Hi, I need to merge two neural networks. It is not a problem when I have to stack them one on top of the other, but I have no idea how to do it when I need to insert the first in between the layers of the second. I’ll now give a quick math explanation, and then provide the code:
I have two networks that have the following structure (activation functions are removed for simplicity):
f(x) = x W_1 W_2 W_3 and g(x) = x M_1 M_2, where W_i and M_i are weight matrices.

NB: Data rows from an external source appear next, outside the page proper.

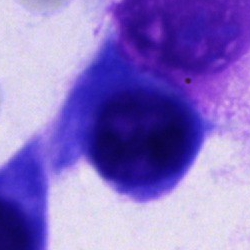Single-cell crop from a bone marrow smear: other cell type.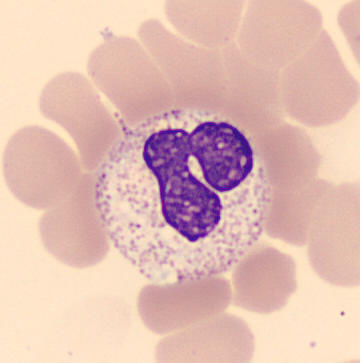Preparation: Peripheral blood film.

This is a neutrophil (segmented).
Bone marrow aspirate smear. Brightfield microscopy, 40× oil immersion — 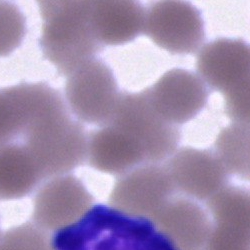 Specimen: bone marrow aspirate smear.
Morphological class: artifact.
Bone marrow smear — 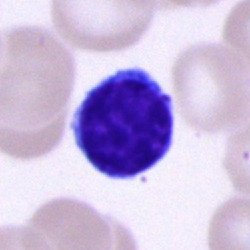 Classification = lymphocyte.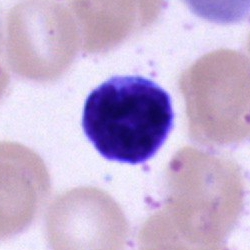

Morphological class: lymphocyte.
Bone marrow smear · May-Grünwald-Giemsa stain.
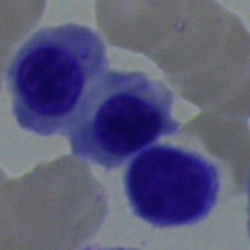Showing a nucleated red blood cell.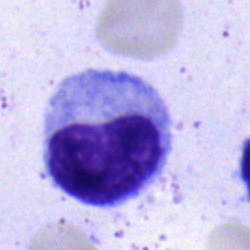 Specimen: bone marrow aspirate smear.
Morphological class: metamyelocyte.
Lineage: myeloid.
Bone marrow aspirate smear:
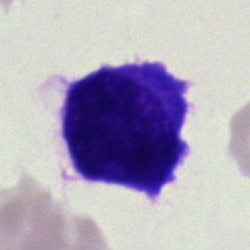

Specimen: bone marrow smear.
Cell: blast cell.
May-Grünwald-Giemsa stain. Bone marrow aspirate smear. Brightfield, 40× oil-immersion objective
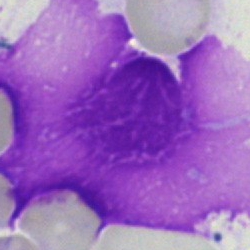Specimen: bone marrow smear.
Morphological class: artifact.
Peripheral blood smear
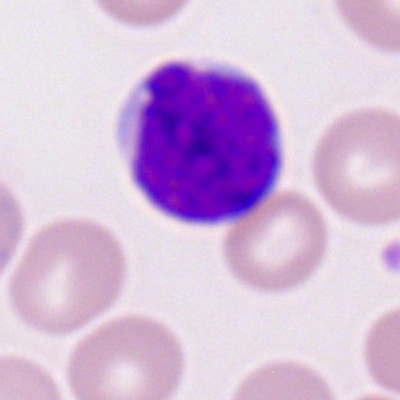
Specimen: peripheral blood film.
Classification: myeloblast.
Lineage: myeloid.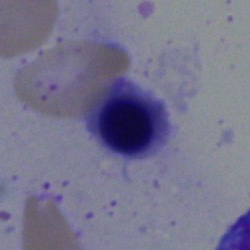Classification: nucleated red cell.
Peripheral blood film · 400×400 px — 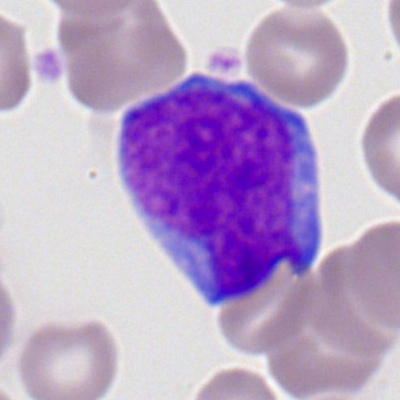The cell shown is a myeloid blast.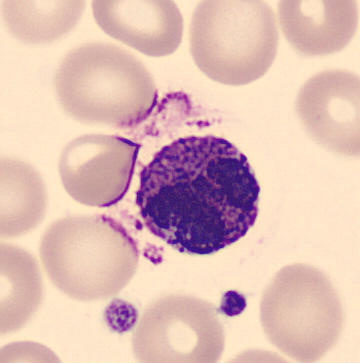 Q: Identify the cell.
A: This is a basophil.
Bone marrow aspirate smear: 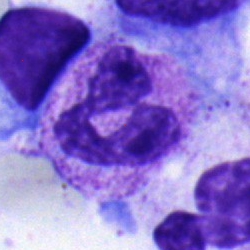

The morphological class is neutrophil (segmented).
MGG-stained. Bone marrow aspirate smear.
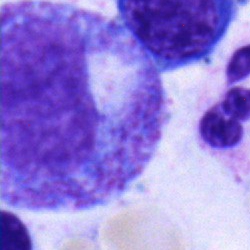 Morphological class: progranulocyte.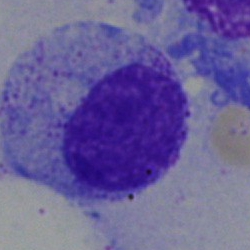Single-cell crop from a bone marrow smear: promyelocyte.
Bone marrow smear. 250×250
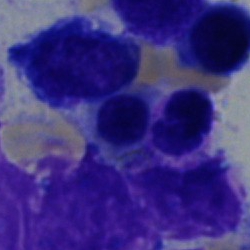 Nucleated red blood cell.
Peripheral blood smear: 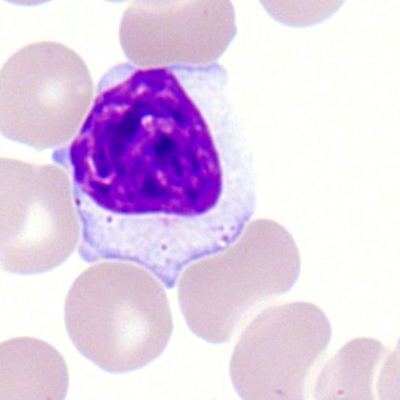This is a typical lymphocyte.
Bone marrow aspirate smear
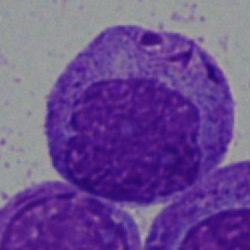The morphological class is blast.
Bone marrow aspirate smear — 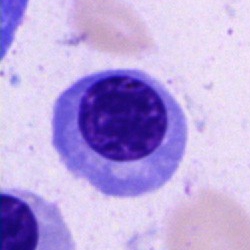

Q: What type of cell is this?
A: An erythroblast.
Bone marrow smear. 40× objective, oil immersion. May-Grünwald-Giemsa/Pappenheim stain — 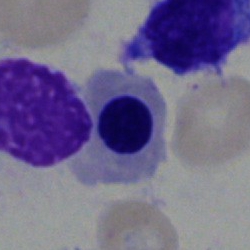Specimen: bone marrow aspirate smear.
Cell: nucleated red cell.
Lineage: erythroid.
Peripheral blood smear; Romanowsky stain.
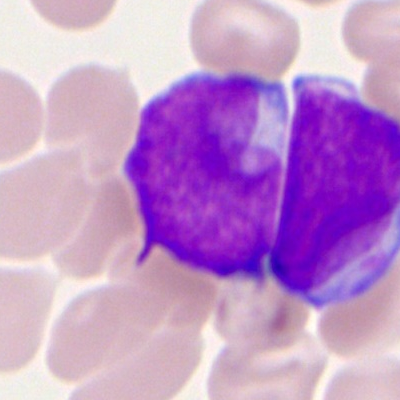

Q: What is shown here?
A: Myeloid blast.
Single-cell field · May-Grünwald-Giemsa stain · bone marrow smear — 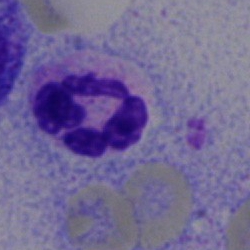Morphology consistent with a neutrophil (segmented).
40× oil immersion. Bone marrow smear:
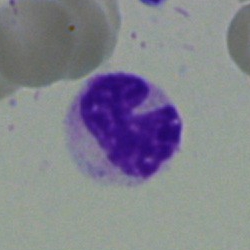Specimen: bone marrow smear.
Cell type: segmented neutrophil.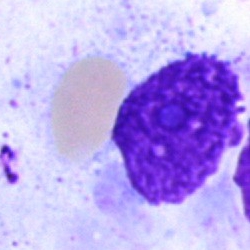

Cell type: artifact.
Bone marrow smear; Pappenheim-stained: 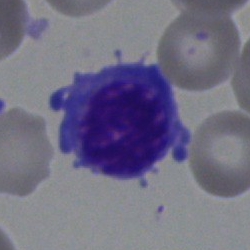Q: What cell is this?
A: This is a nucleated red blood cell.
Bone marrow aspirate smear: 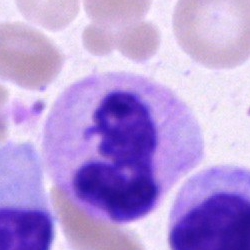 Cell — neutrophil (segmented).

I need to train both networks in isolation, and then merge them to obtain the following network:
F(x) = x W_1 W_2 M_1 M_2 W_3.
Now, speaking about the code, I have the following two networks:
class Net_1(nn.Module):
def __init__(self,hidden_dim):
super(Net_1, self).__init__()
self.W1 = nn.Linear(28*28, hidden_dim)
self.relu1 = nn.ReLU()
self.W2 = nn.Linear(hidden_dim, hidden_dim)
self.relu2 = nn.ReLU()
self.W3 = nn.Linear(hidden_dim, 10)
def forward(self, x):
out = self.W1(x)
out = self.relu1(out)
out = self.W2(out)
out = self.relu2(out)
out = self.W3(out)
return out
class Net_2(nn.Module):
def __init__(self,hidden_dim):
super(Net_2, self).__init__()
self.M1 = nn.Linear(hidden_dim, hidden_dim*2)
self.relu = nn.ReLU()
self.M2 = nn.Linear(hidden_dim*2, hidden_dim)
def forward(self, x):
out = self.M1(x)
out = self.relu(out)
out = self.M2(out)
return out
Now, I train the two networks in isolation, and then I need to generate the following net:
class Final_Net(nn.Module):
def __init__(self,hidden_dim):
super(Final_Net, self).__init__()
self.W1 = nn.Linear(28*28, hidden_dim)
self.relu1 = nn.ReLU()
self.W2 = nn.Linear(hidden_dim, hidden_dim)
self.relu2 = nn.ReLU()
self.M1 = nn.Linear(hidden_dim, hidden_dim*2)
self.relu = nn.ReLU()
self.M2 = nn.Linear(hidden_dim*2, hidden_dim)
self.relu3 = nn.ReLU()
self.W3 = nn.Linear(hidden_dim, 10)
def forward(self, x):
out = self.W1(x)
out = self.relu1(out)
out = self.W2(out)
out = self.relu2(out)
out = self.M1(out)
out = self.relu(out)
out = self.M2(out)
out = self.relu1(out)
out = self.W3(out)
return out
But I have no idea how to do it. It’d also be ok to have an answer does the above using sequential.